UC Davis Genome Center, University of California, Davis, CA, 95616, USA.
MIND Institute, University of California, Davis, 95817, USA.
J Autism Dev Disord. 2023 Mar;53(3):963-976. doi: 10.1007/s10803-022-05586-z. Epub 2022 May 20.

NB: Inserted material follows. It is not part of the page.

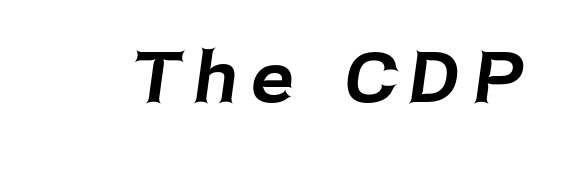
The image shows 70 px sans-serif type; set unusually wide letter spacing (+0.2 em), not underlined; low stroke contrast and a medium x-height.
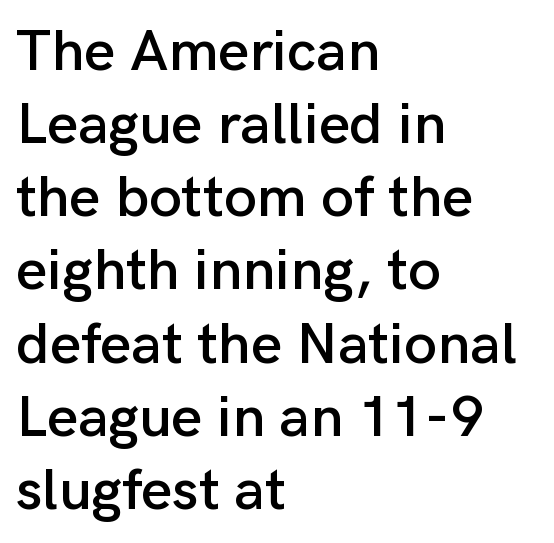
The area under the type is left untouched. The tracking reads as untouched default to a designer's eye. To sum up the face: it is a sans, with no serifs. A student would call this left alignment; a typographer would say flush left, rag right. Character widths vary here, with narrow letters taking less room than wide ones. The axis of the letterforms is exactly vertical.
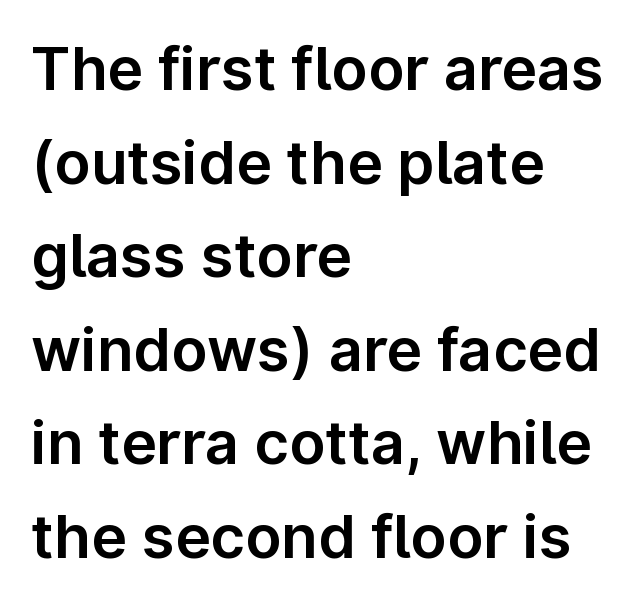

The early detection of neurodevelopmental disorders (NDDs) can significantly improve patient outcomes. The differential burden of non-synonymous de novo mutation among NDD cases and controls indicates that de novo coding variation can be used to identify a subset of samples that will likely display an NDD phenotype. Thus, we have developed an approach for the accurate prediction of NDDs with very low false positive rate (FPR) using de novo coding variation for a small subset of cases. We use a shallow neural network that integrates de novo likely gene-disruptive and missense variants, measures of gene constraint, and conservation information to predict a small subset of NDD cases at very low FPR and prioritizes NDD risk genes for future clinical study.
神经发育障碍(NDD)的早期检测可以显著改善患者的预后。在 NDD 病例和对照中非同义新生突变的差异负担表明,新生编码变异可用于鉴定可能表现出 NDD 表型的样本子集。因此,我们开发了一种使用新生编码变异来准确预测 NDD 且具有非常低的假阳性率(FPR)的方法,用于一小部分病例。我们使用浅层神经网络,该神经网络集成了新生的可能导致基因失活和错义变异、基因约束的度量以及保守信息,以非常低的 FPR 预测一小部分 NDD 病例,并为未来的临床研究确定 NDD 风险基因。